+++ AVAILABLE DATA +++
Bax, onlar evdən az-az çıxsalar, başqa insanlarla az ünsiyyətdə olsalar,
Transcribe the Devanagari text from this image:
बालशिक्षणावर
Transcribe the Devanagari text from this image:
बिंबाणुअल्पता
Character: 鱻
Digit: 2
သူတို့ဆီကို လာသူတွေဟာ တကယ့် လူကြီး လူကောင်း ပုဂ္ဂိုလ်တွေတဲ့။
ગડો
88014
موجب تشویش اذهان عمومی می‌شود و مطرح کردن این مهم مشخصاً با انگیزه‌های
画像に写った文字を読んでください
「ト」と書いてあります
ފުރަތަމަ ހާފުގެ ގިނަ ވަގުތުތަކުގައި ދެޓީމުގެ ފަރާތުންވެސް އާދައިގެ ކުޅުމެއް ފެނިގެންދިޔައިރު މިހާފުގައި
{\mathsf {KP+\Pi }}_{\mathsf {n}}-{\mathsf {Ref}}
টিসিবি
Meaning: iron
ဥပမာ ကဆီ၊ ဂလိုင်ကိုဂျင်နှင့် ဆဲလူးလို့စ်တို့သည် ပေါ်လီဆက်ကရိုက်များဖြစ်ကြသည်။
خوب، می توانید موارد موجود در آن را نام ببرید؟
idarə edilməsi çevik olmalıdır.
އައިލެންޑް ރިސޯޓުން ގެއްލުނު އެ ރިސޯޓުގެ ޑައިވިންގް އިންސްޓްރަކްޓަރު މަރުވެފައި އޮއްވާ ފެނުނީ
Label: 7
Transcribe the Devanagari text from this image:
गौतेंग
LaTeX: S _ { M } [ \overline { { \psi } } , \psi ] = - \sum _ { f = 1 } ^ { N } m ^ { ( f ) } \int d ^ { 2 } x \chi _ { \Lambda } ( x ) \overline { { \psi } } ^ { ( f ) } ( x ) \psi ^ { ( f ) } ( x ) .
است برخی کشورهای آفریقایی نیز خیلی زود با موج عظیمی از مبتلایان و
+++
Restate the data word for word, leaving nothing out.

Bax, onlar evdən az-az çıxsalar, başqa insanlarla az ünsiyyətdə olsalar,
Transcribe the Devanagari text from this image:
बालशिक्षणावर
Transcribe the Devanagari text from this image:
बिंबाणुअल्पता
Character: 鱻
Digit: 2
သူတို့ဆီကို လာသူတွေဟာ တကယ့် လူကြီး လူကောင်း ပုဂ္ဂိုလ်တွေတဲ့။
ગડો
88014
موجب تشویش اذهان عمومی می‌شود و مطرح کردن این مهم مشخصاً با انگیزه‌های
画像に写った文字を読んでください
「ト」と書いてあります
ފުރަތަމަ ހާފުގެ ގިނަ ވަގުތުތަކުގައި ދެޓީމުގެ ފަރާތުންވެސް އާދައިގެ ކުޅުމެއް ފެނިގެންދިޔައިރު މިހާފުގައި
{\mathsf {KP+\Pi }}_{\mathsf {n}}-{\mathsf {Ref}}
টিসিবি
Meaning: iron
ဥပမာ ကဆီ၊ ဂလိုင်ကိုဂျင်နှင့် ဆဲလူးလို့စ်တို့သည် ပေါ်လီဆက်ကရိုက်များဖြစ်ကြသည်။
خوب، می توانید موارد موجود در آن را نام ببرید؟
idarə edilməsi çevik olmalıdır.
އައިލެންޑް ރިސޯޓުން ގެއްލުނު އެ ރިސޯޓުގެ ޑައިވިންގް އިންސްޓްރަކްޓަރު މަރުވެފައި އޮއްވާ ފެނުނީ
Label: 7
Transcribe the Devanagari text from this image:
गौतेंग
LaTeX: S _ { M } [ \overline { { \psi } } , \psi ] = - \sum _ { f = 1 } ^ { N } m ^ { ( f ) } \int d ^ { 2 } x \chi _ { \Lambda } ( x ) \overline { { \psi } } ^ { ( f ) } ( x ) \psi ^ { ( f ) } ( x ) .
است برخی کشورهای آفریقایی نیز خیلی زود با موج عظیمی از مبتلایان و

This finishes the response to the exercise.